Start of Material to process

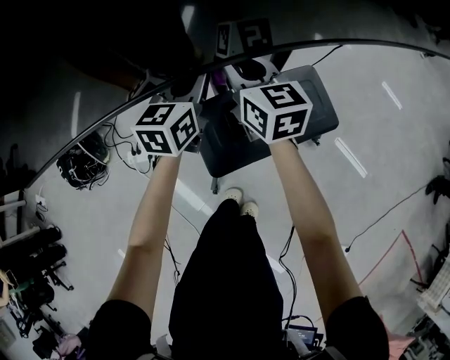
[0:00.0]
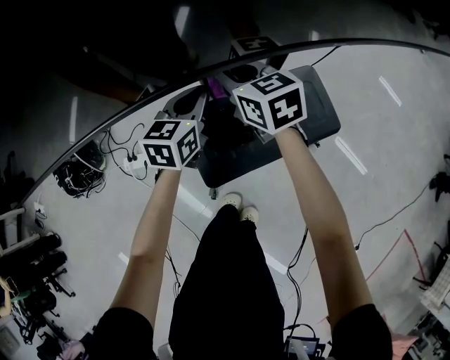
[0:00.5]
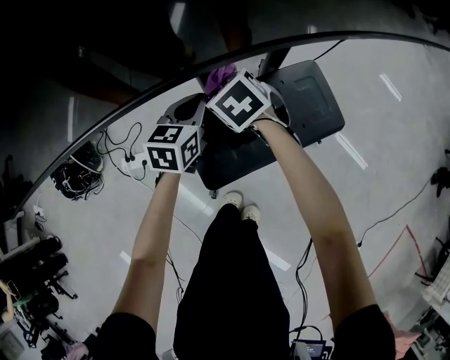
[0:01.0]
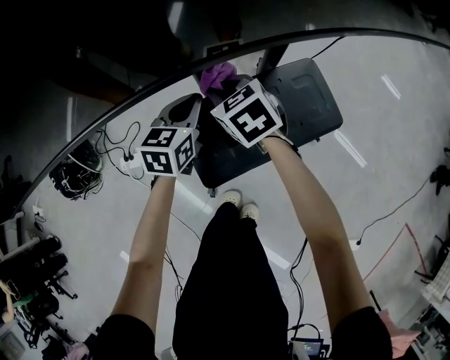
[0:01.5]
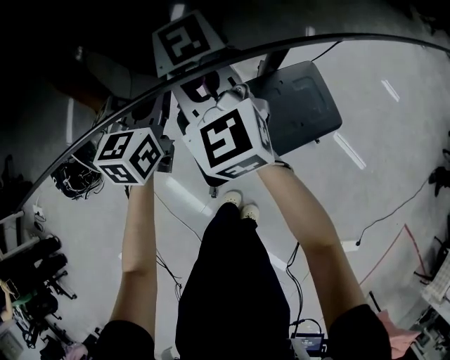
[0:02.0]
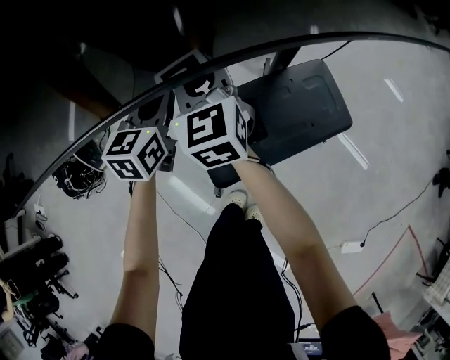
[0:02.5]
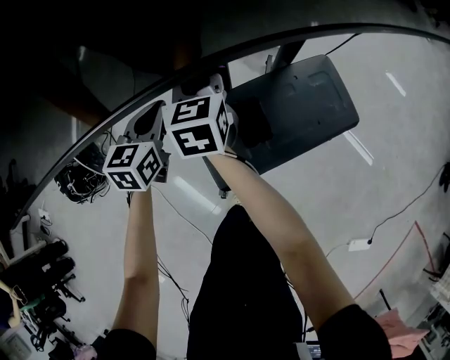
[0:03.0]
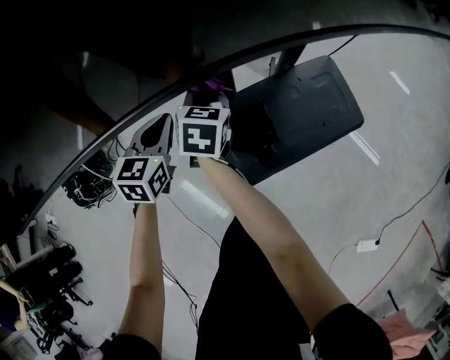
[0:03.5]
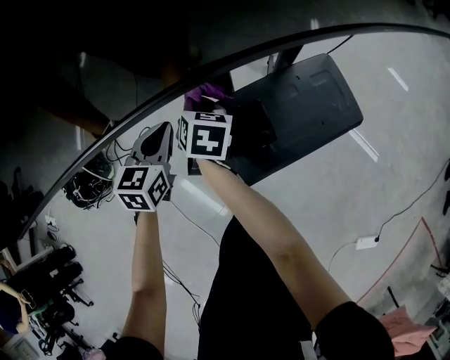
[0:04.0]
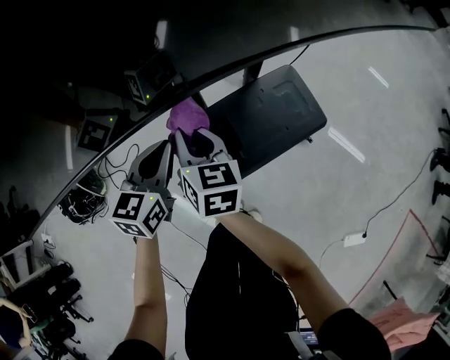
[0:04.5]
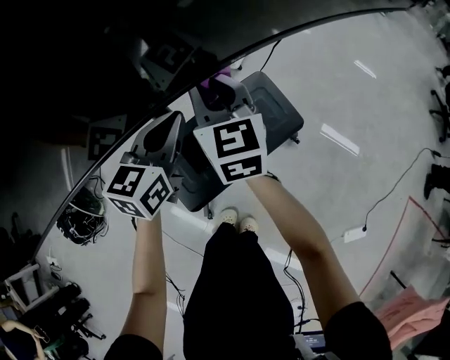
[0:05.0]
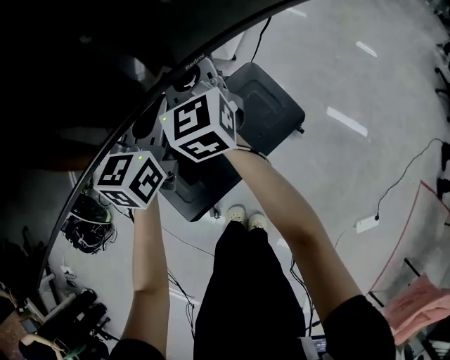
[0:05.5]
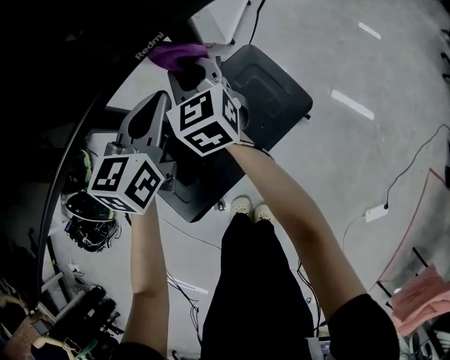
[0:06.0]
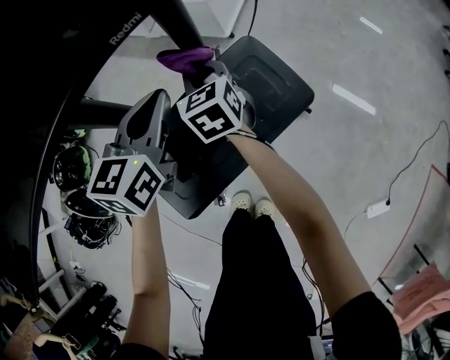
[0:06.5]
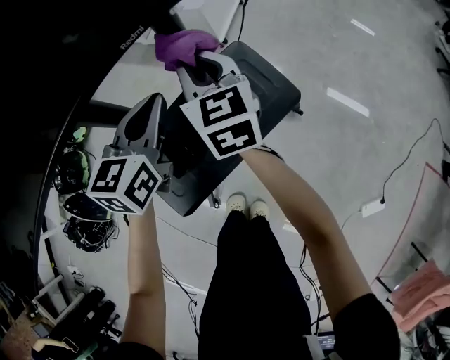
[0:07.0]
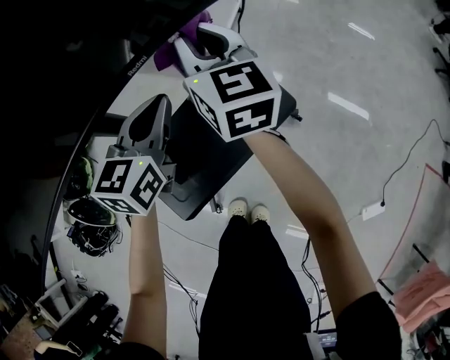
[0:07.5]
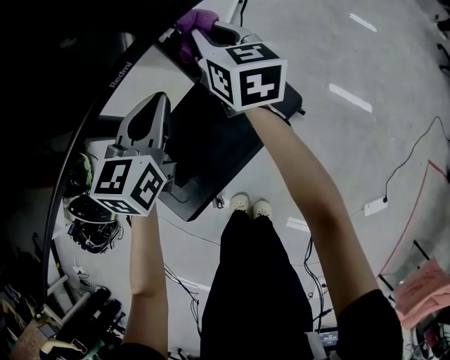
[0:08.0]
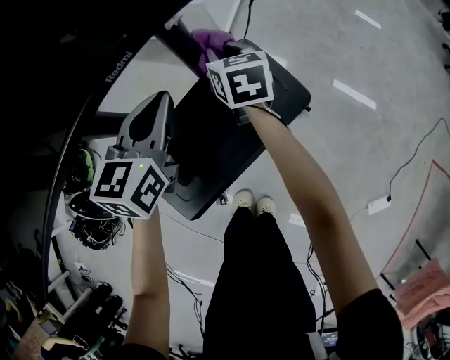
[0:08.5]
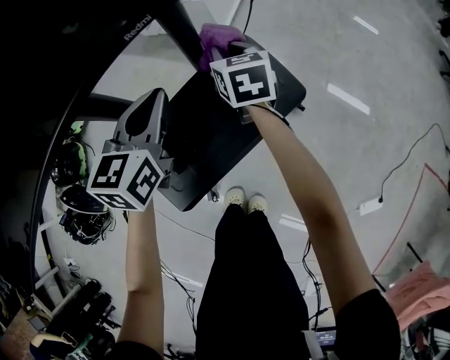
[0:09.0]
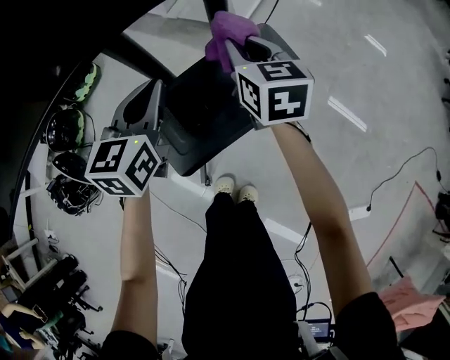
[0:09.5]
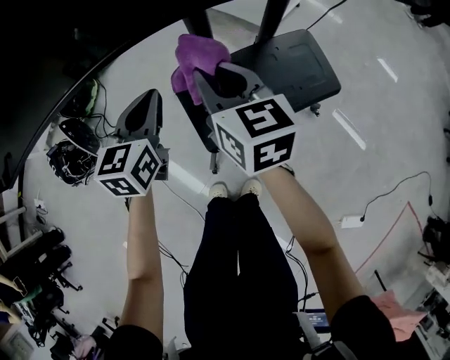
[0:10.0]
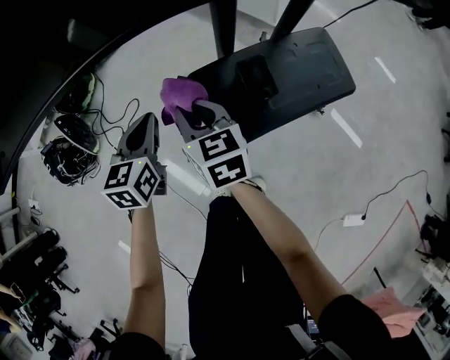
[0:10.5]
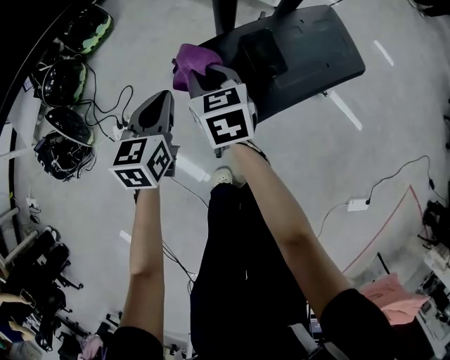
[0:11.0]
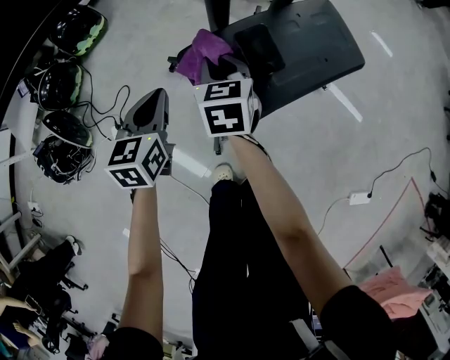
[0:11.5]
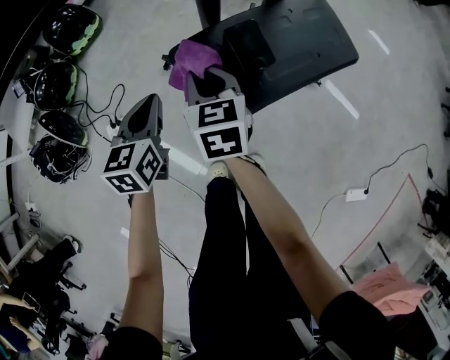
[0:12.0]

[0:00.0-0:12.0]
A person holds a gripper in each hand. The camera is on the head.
0:00.0 to 0:02.0: Both grippers move to the left, roughly 5 cm. The right gripper goes downward and returns, roughly 15 cm each way, and swivels roughly 30 degrees. The left gripper reaches some 15 cm downward, then returns.
0:02.0 to 0:04.0: The right gripper travels downward by roughly 25 cm, and rotates around the line of its fingers by approximately 60 degrees, clockwise from behind. Meanwhile the left gripper heads downward and to the left, covering approximately 15 cm.
0:04.0 to 0:06.0: The right gripper travels to the right, forward and upward by some 25 cm, and changes its angle by approximately 40 degrees. The left gripper travels to the right and forward by about 25 cm.
0:06.0 to 0:08.0: The right gripper moves up and down over about 20 cm, changing direction 2 times, and swivels about 20 degrees.
0:08.0 to 0:10.0: The right gripper shifts some 35 cm backward and to the left, and rotates approximately 20 degrees. Meanwhile the left gripper heads to the left and backward, covering some 30 cm, and swivels roughly 20 degrees.
0:10.0 to 0:12.0: The grippers both shift downward by some 15 cm.

End of Material to process

**Required action**
Word for word, print out all of the records above; pass over the pictures.

**Exercise response**
[0:00.0]
[0:00.5]
[0:01.0]
[0:01.5]
[0:02.0]
[0:02.5]
[0:03.0]
[0:03.5]
[0:04.0]
[0:04.5]
[0:05.0]
[0:05.5]
[0:06.0]
[0:06.5]
[0:07.0]
[0:07.5]
[0:08.0]
[0:08.5]
[0:09.0]
[0:09.5]
[0:10.0]
[0:10.5]
[0:11.0]
[0:11.5]
[0:12.0]

[0:00.0-0:12.0]
A person holds a gripper in each hand. The camera is on the head.
0:00.0 to 0:02.0: Both grippers move to the left, roughly 5 cm. The right gripper goes downward and returns, roughly 15 cm each way, and swivels roughly 30 degrees. The left gripper reaches some 15 cm downward, then returns.
0:02.0 to 0:04.0: The right gripper travels downward by roughly 25 cm, and rotates around the line of its fingers by approximately 60 degrees, clockwise from behind. Meanwhile the left gripper heads downward and to the left, covering approximately 15 cm.
0:04.0 to 0:06.0: The right gripper travels to the right, forward and upward by some 25 cm, and changes its angle by approximately 40 degrees. The left gripper travels to the right and forward by about 25 cm.
0:06.0 to 0:08.0: The right gripper moves up and down over about 20 cm, changing direction 2 times, and swivels about 20 degrees.
0:08.0 to 0:10.0: The right gripper shifts some 35 cm backward and to the left, and rotates approximately 20 degrees. Meanwhile the left gripper heads to the left and backward, covering some 30 cm, and swivels roughly 20 degrees.
0:10.0 to 0:12.0: The grippers both shift downward by some 15 cm.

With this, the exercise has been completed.